残債が少なければ、売却後に手元に入るお金の中から完済出来る可能性が高くなるということになりますね。

一方デメリットは何でしょうか?
まとまった現金がなくなってしまう、という事がデメリットとしてあげられるでしょう。
少しお金が貯まったらすぐに繰り上げ返済に回してしまう、生活費を削ってでも繰り上げ返済してしまう、となると、もしもの時にまとまった現金が全くない、という事にもなりかねません。マンションの売却にかかる費用も引っ越しにも費用がかかりますので、まとまった現金がないという場合には、繰り上げ返済はデメリットとなるでしょう。
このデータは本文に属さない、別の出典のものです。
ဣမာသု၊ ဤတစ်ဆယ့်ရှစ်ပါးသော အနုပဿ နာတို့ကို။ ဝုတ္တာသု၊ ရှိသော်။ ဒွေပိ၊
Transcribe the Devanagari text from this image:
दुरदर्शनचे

低金利が長く続き、住宅ローンの金利はとても低くなっていますが、預けるお金に関しても普通預金のみならず定期預金に至っても利息はごくわずかです。住宅ローンの金利の方が預金の金利より低いという事はまずないので、預金してわずかな金利を期待するよりは、住宅ローンを返済してしまった方が得だと考える方もいらっしゃるでしょう。しかし、先に述べたように、繰り上げ返済をする際にはそのメリット、デメリットをよく考えた方がよいでしょう。

最後に、繰り上げ返済にかかる費用について見てみたいと思います。

マンション売却時の費用・住宅ローンの返済手数料について


住宅ローンを組んだ方は、もう既にご存じだとは思いますが、繰り上げ返済には一部繰り上げ返済と、全額繰り上げ返済があります。それぞれについてみてみましょう。
まず、一部繰り上げ返済とは何でしょうか。住宅ローンは毎月決まった額を決まった時に返済していきますが、その返済とは別に借りたお金の一部を返済することをいいます。
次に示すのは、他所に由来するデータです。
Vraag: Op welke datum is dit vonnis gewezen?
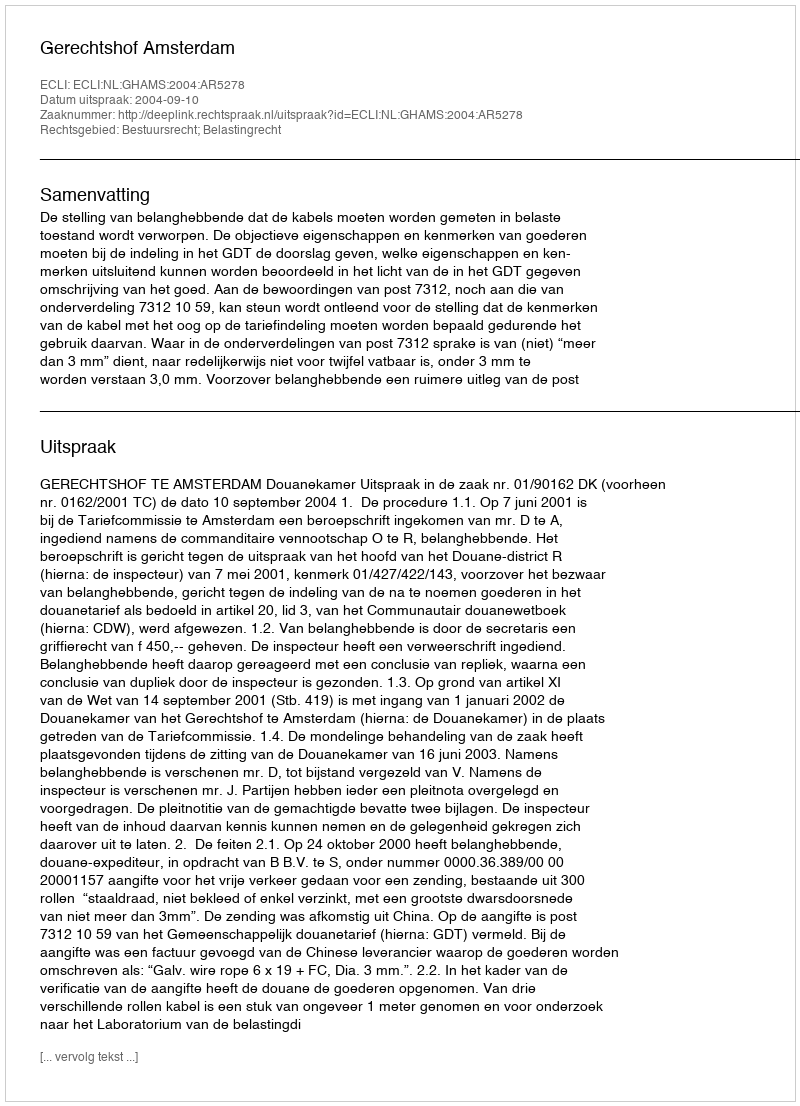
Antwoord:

全額繰り上げ返済とは、繰り上げ返済で残っている全てのローンを返すことをいいます。

ローンを組んだ場合に説明を受けたかとは思いますが、ローンを組んだばかりの時は月々の返済のことは気にしていても、繰り上げ返済にかかる手数料についてはあまりよく見ていない方もいらっしゃるかもしれません。繰り上げ返済する際には費用がかかる場合があるので注意が必要です。

最近の金融機関のローンを見てみると、窓口での手続きは費用がかかる場合もありますが、インターネットバンキング経由での一部繰り上げ返済をする場合は手数料が無料のところがほとんどです。しかし、マンションを売却する場合には抵当権を抹消しなければならないので、全額繰り上げ返済をしなければなりません。
この場合の手数料は、もちろん各金融機関によって異なりますが、店頭、インターネット経由でも、それぞれ費用がかかる場合があります。ネット銀行などでは、全額繰り上げ返済手数料を無料にしているところもありますが、メガバンクなどでは2万円程度の費用がかかるところが多いようです。マンション売却時にはご自分の金融機関の全額繰り上げ返済にかかる手数料について確認しておいた方がよいでしょう。